Mais Bachir ne se plaint pas. Il est heureux d'intégrer un lycée technique en Prépa pro, à Mende. À Rodez il n'y avait pas de place dans les foyers, à ce moment-là. Il entre ensuite en apprentissage au centre de formation. Durant deux ans, il alterne l'école et la restauration. "J'ai obtenu mon CAP et j'ai trouvé tout de suite trouvé un CDD", ajoute-t-il en souriant. Entre-temps, le couple accueille leur premier bébé. Ils attendent un deuxième, aujourd'hui. 
Saran Kaba avait aussi des aspirations professionnelles. "Elle voulait absolument devenir aide-soignante et rêve d'entrer à l'hôpital de Rodez". C'est pourquoi, ils décident de reprendre leurs valises, pour revenir sur l'Aveyron. Aujourd'hui,  Bachir travaille comme serveur,  au  restaurant le Coq de la place. Benjamin Bergès, le patron des lieux l'a embauché en CDI et l'a aidé à trouver une location. 
"Avec le recul je me dis :  j'étais vraiment inconscient. J'allais me faire tuer. Si j'avais été plus mature, je n'aurais peut-être jamais fait tout ça. Mais est-ce que j'avais le choix ? Le père de Saran voulait me tuer !", redit-il dans un souffle. 
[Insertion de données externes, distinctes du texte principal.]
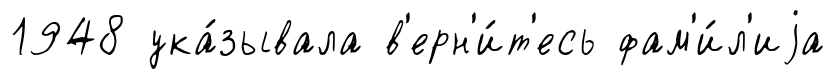
1948 ука́зывала в'ерн'и́т'есь фам'и́л'иjа
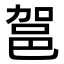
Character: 𮟶
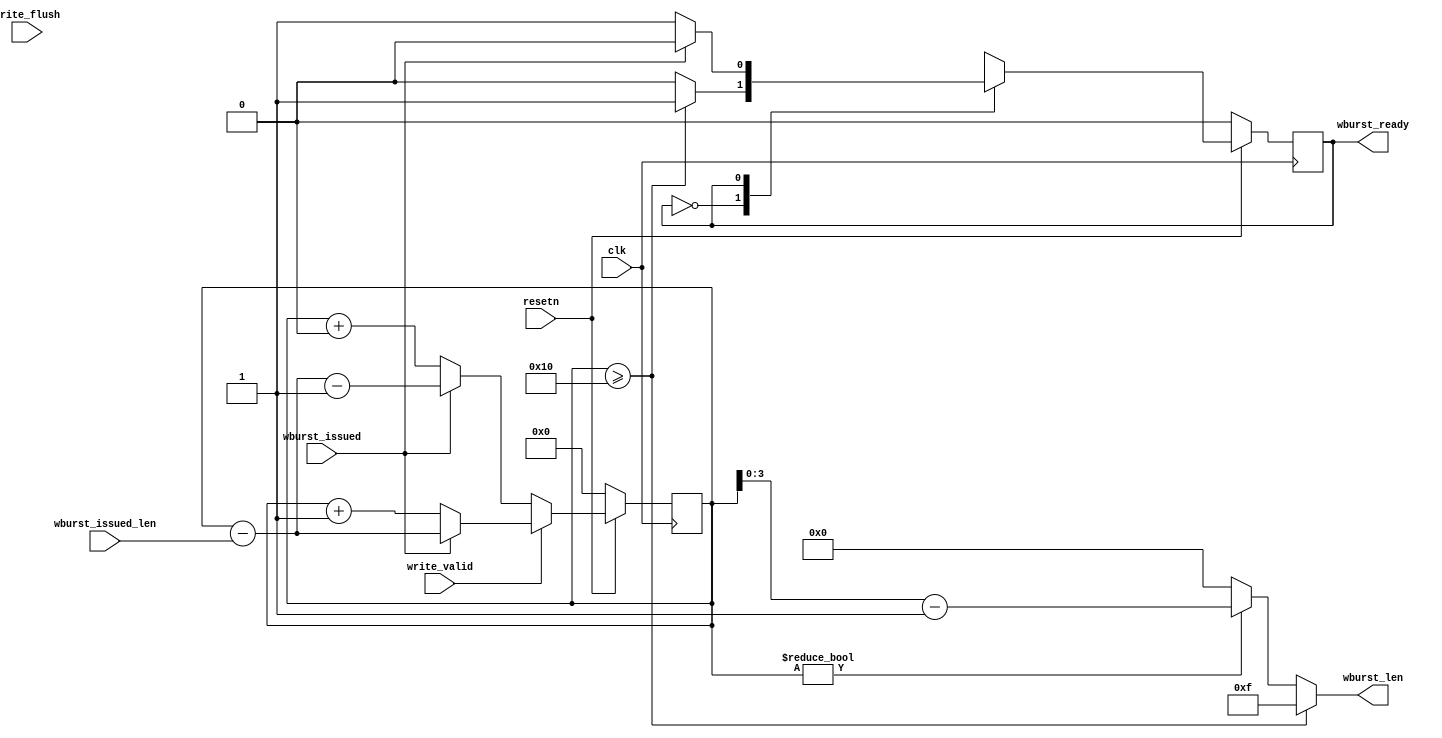
module wburst_counter #(
  parameter integer WBURST_COUNTER_LEN    = 16,
  parameter integer WBURST_LEN            = 4,
  parameter integer MAX_BURST_LEN         = 16
)(
  input  wire                             clk,
  input  wire                             resetn,
  input  wire                             write_valid,
  input  wire                             write_flush,

  output wire [WBURST_LEN-1:0]            wburst_len,
  output wire                             wburst_ready,

  input  wire                             wburst_issued,
  input  wire [WBURST_LEN-1:0]            wburst_issued_len
);


  reg  [WBURST_COUNTER_LEN-1:0] write_count;
  wire burst_ready;

  assign burst_ready = ((write_count >= MAX_BURST_LEN));
  assign wburst_len = write_count >= MAX_BURST_LEN ? MAX_BURST_LEN - 1 :
                      write_count != 0 ? write_count - 1 : 0;

  always @(posedge clk)
  begin
    if (!resetn)
      write_count <= 0;
    else if (write_valid)
    begin
      if (wburst_issued)
        write_count <= write_count - wburst_issued_len;
      else
        write_count <= write_count + 1;
    end else begin
      if (wburst_issued)
        write_count <= write_count - wburst_issued_len - 1;
      else
        write_count <= write_count + 0;
    end
  end

/* FSM for write counter */

reg state;
reg next_state;

localparam integer IDLE=0, READY=1;

always @(*)
begin
  next_state = state;
  case(state)
    IDLE: begin
      if (burst_ready)
        next_state = READY;
    end
    READY: begin
      if (wburst_issued)
        next_state = IDLE;
    end
  endcase
end

always @(posedge clk)
  if (resetn)
    state <= next_state;
  else
    state <= 1'b0;

assign wburst_ready = (state == READY);

endmodule
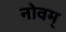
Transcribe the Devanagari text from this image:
नोवम्
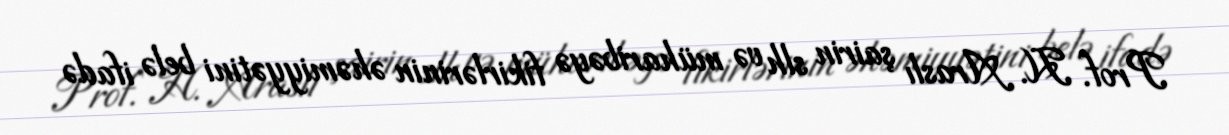
Prof. H. Araslı şairin slh və müharibəyə fikirlərinin əhəmiyyətini belə ifadə
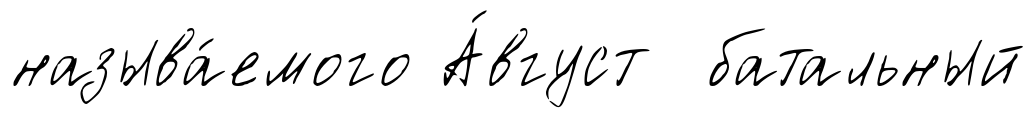
называ́емого А́вгуст батальный
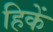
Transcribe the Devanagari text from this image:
हिकें
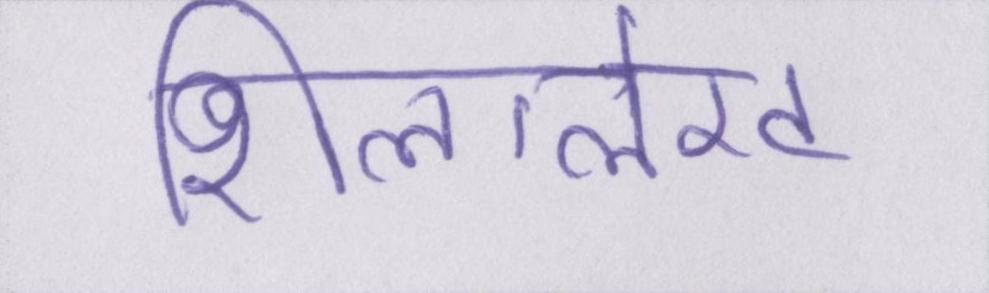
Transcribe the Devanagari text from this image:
शिलालेख
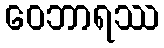
ဝေဘာရဿ
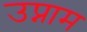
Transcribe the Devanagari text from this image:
उप्नाम
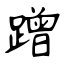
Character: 蹭

S'il ne peut revenir à Conakry pour l'instant, le jeune homme aide sa mère restée au pays, et son plus jeune frère, étudiant. "Je lui ai dit que partout où tu seras, tu auras toujours besoin d'une éducation.", assure-t-il dans un sourire éclatant. Quant à sa femme (le couple s'est marié), elle a réussi son CAP, petite enfance  et n'a pas abandonné l'idée de devenir aide-soignante.